# THE PROBLEM
Starting at the line that contains "Republika Wieczór |" and stopping at the line that contains "coupon madness part 2 (vlog#2 part 1/2)", restate each line of the records below exactly. Omit the pictures.
[Opening DATASET EXCERPTS section]
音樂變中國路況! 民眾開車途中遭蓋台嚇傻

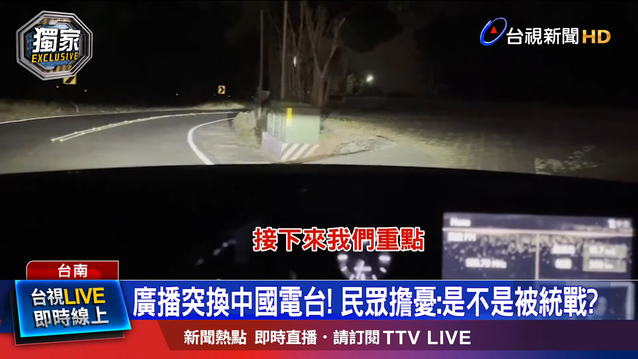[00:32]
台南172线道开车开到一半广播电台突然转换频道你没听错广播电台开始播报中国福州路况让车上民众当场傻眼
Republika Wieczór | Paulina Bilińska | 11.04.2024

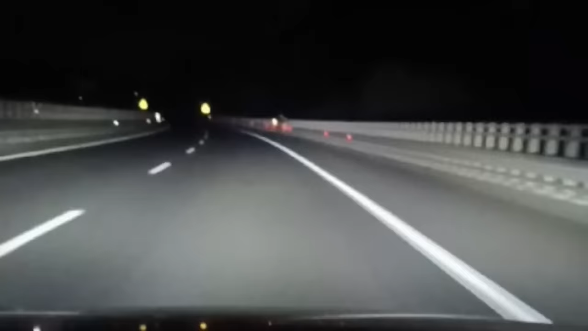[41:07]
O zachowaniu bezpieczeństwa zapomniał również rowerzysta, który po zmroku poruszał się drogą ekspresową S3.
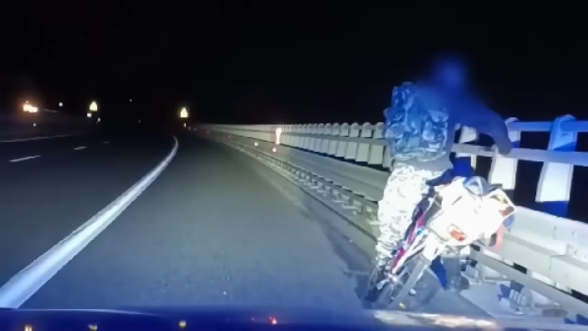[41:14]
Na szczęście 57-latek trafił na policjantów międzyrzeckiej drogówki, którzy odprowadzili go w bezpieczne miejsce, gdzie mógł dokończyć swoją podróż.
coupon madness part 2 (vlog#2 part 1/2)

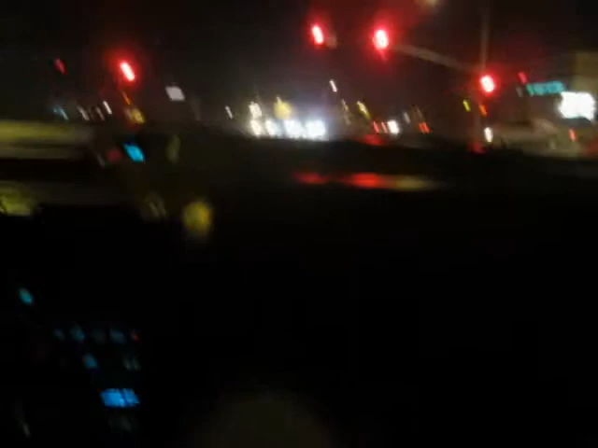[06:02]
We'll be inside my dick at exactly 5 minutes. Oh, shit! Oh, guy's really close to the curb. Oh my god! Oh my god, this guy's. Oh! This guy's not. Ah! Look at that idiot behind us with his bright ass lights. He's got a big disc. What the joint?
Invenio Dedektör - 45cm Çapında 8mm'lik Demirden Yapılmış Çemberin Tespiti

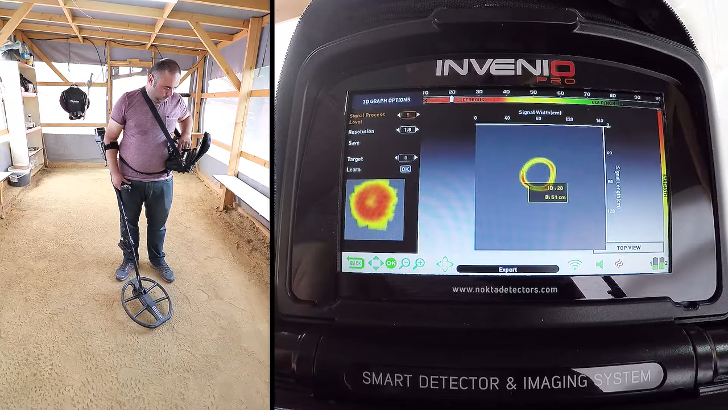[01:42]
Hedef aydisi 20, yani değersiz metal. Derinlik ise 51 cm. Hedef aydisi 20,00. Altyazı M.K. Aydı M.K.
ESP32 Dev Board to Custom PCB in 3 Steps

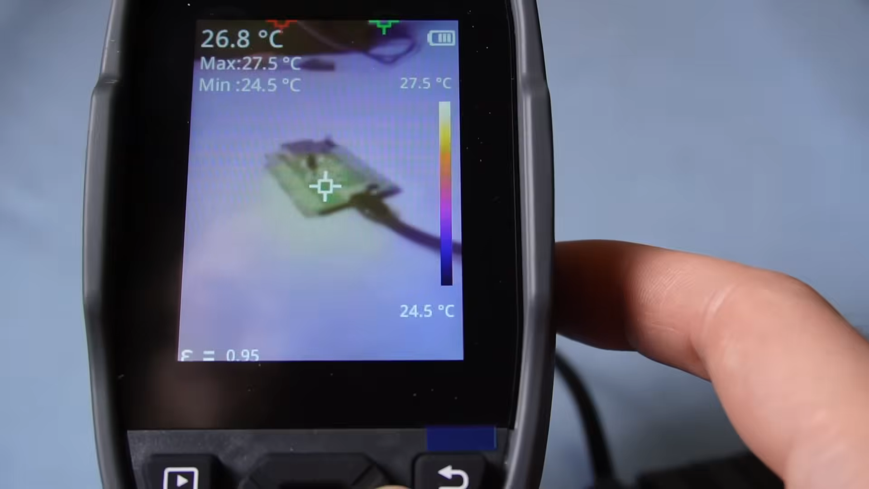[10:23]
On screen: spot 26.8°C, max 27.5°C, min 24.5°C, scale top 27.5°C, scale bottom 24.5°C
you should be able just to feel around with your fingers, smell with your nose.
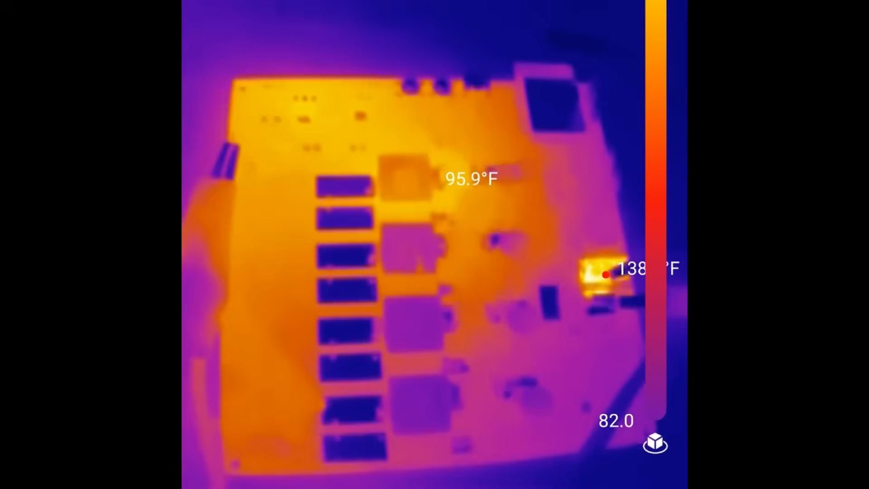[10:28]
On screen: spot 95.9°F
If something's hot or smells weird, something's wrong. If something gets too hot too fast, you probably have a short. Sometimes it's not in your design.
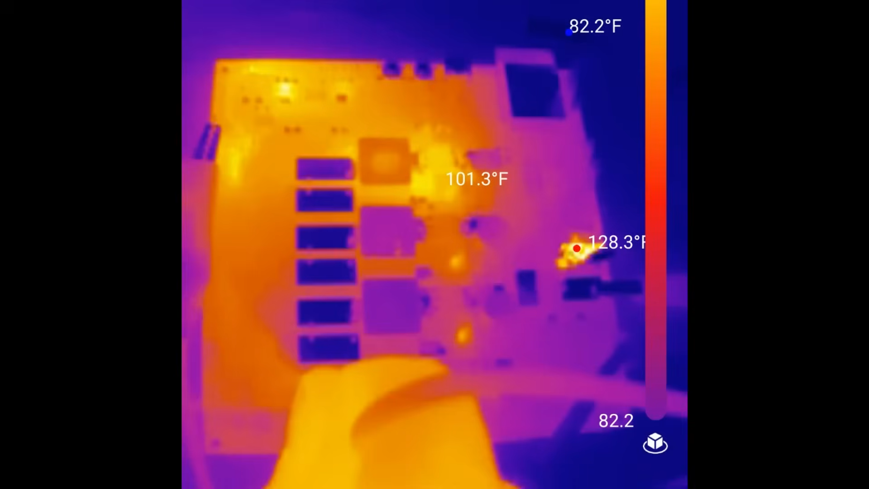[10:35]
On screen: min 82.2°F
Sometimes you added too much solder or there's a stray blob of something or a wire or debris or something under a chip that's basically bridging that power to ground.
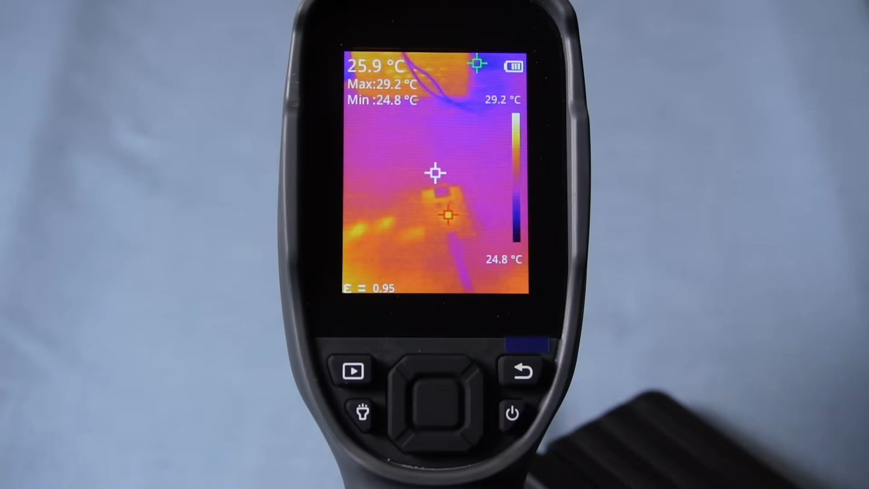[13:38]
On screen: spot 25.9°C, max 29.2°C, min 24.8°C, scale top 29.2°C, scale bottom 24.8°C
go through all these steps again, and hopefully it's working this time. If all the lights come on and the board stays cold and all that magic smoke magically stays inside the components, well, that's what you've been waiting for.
[Closing DATASET EXCERPTS section]
[Opening DATASET EXCERPTS section]
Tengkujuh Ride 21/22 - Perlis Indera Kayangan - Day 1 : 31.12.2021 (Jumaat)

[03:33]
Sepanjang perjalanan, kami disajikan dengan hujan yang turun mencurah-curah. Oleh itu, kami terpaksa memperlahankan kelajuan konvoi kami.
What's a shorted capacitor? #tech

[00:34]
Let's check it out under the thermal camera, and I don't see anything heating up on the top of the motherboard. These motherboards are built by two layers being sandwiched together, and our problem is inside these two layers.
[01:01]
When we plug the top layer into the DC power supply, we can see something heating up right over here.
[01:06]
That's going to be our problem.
[Closing DATASET EXCERPTS section]
# TASK RESULT
Republika Wieczór | Paulina Bilińska | 11.04.2024

[41:07]
O zachowaniu bezpieczeństwa zapomniał również rowerzysta, który po zmroku poruszał się drogą ekspresową S3.
[41:14]
Na szczęście 57-latek trafił na policjantów międzyrzeckiej drogówki, którzy odprowadzili go w bezpieczne miejsce, gdzie mógł dokończyć swoją podróż.
coupon madness part 2 (vlog#2 part 1/2)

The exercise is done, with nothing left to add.